**Dataset entries:**
☆ ☆ ☆ ☆ ☆
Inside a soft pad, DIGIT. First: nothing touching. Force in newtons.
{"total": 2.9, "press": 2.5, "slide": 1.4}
☆ ☆ ☆ ☆ ☆
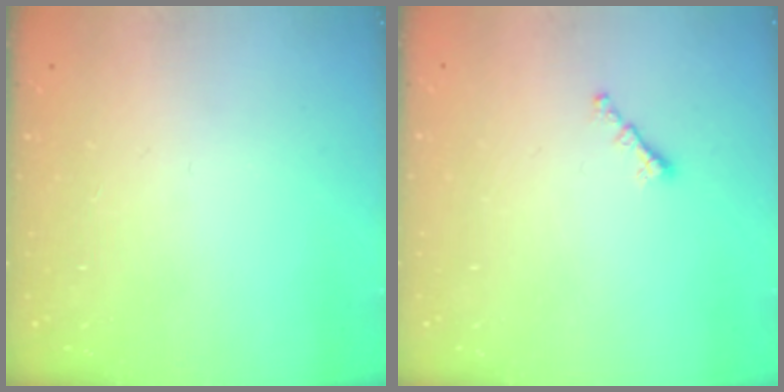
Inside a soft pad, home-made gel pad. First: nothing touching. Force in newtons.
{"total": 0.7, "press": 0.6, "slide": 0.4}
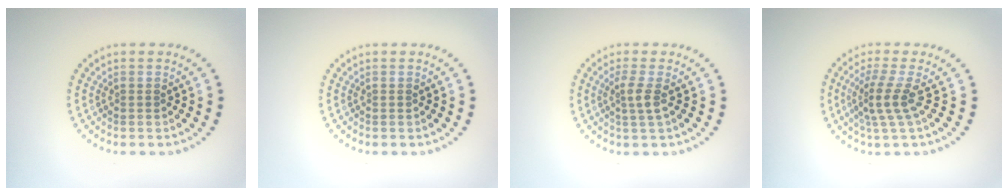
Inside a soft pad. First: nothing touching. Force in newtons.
☆ ☆ ☆ ☆ ☆
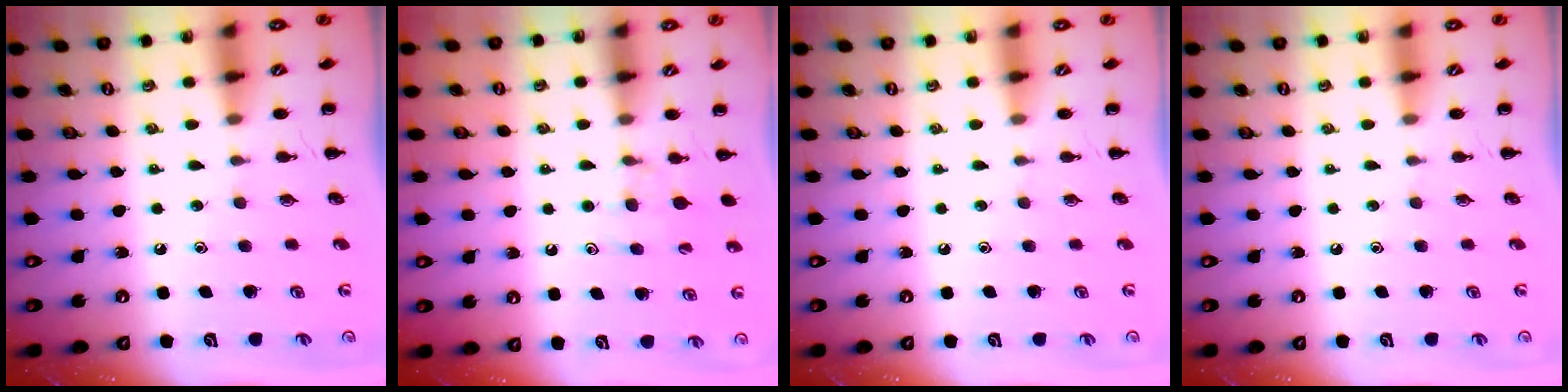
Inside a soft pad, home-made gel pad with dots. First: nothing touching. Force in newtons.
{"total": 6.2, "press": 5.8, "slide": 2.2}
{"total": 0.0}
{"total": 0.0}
☆ ☆ ☆ ☆ ☆
**Task statement:** In the listing above, find the line containing "Inside a soft pad, home-made gel pad." and the line containing "Inside a soft pad.", then output those two lines and everything between them exactly as written, without the images.

**Exercise response:**
Inside a soft pad, home-made gel pad. First: nothing touching. Force in newtons.
{"total": 0.7, "press": 0.6, "slide": 0.4}
Inside a soft pad. First: nothing touching. Force in newtons.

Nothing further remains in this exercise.